─── Extracted data

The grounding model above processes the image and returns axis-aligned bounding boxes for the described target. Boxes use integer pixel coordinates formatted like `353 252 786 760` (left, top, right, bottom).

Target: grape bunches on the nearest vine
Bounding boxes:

──────
─── Extracted data

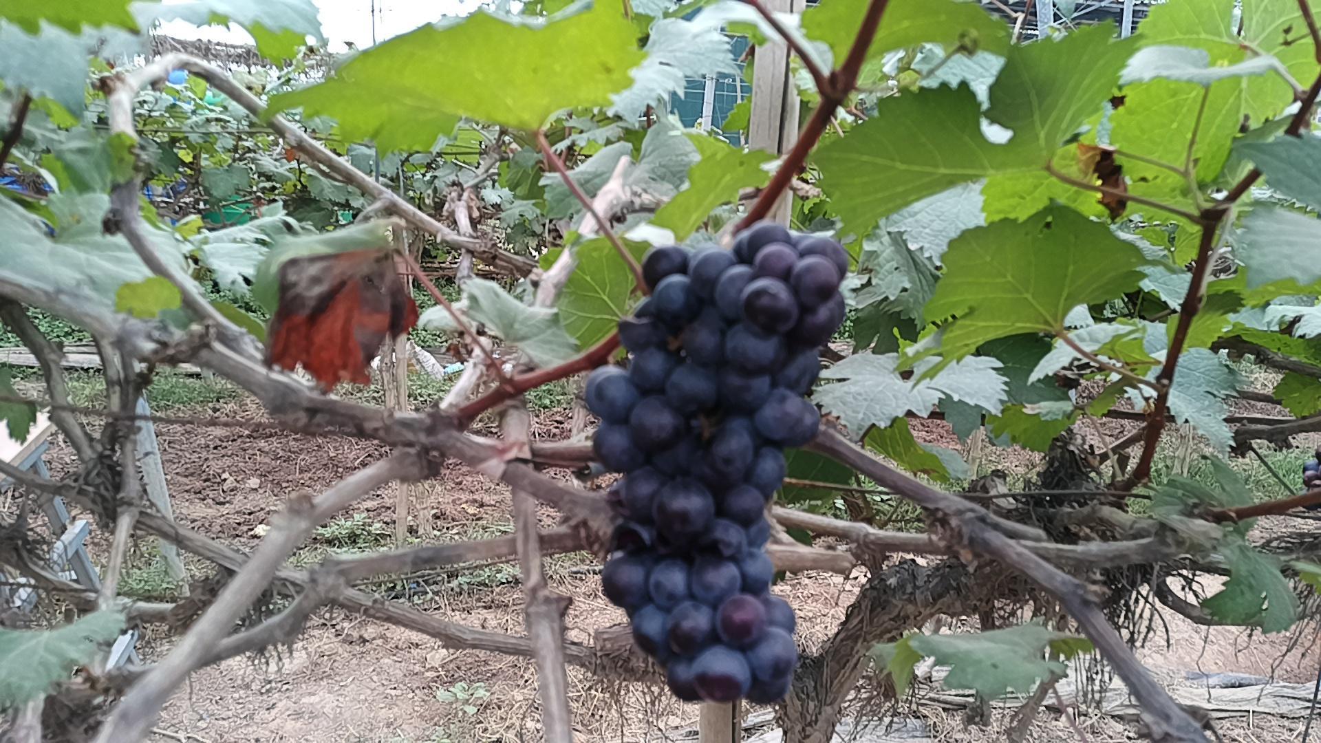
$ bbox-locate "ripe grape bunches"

──────
─── Extracted data

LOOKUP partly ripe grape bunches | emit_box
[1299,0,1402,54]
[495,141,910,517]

──────

Task instructions
What lines of the data contain the string "boxes"? List them.

Completed exercise
The grounding model above processes the image and returns axis-aligned bounding boxes for the described target. Boxes use integer pixel coordinates formatted like `353 252 786 760` (left, top, right, bottom).
Bounding boxes:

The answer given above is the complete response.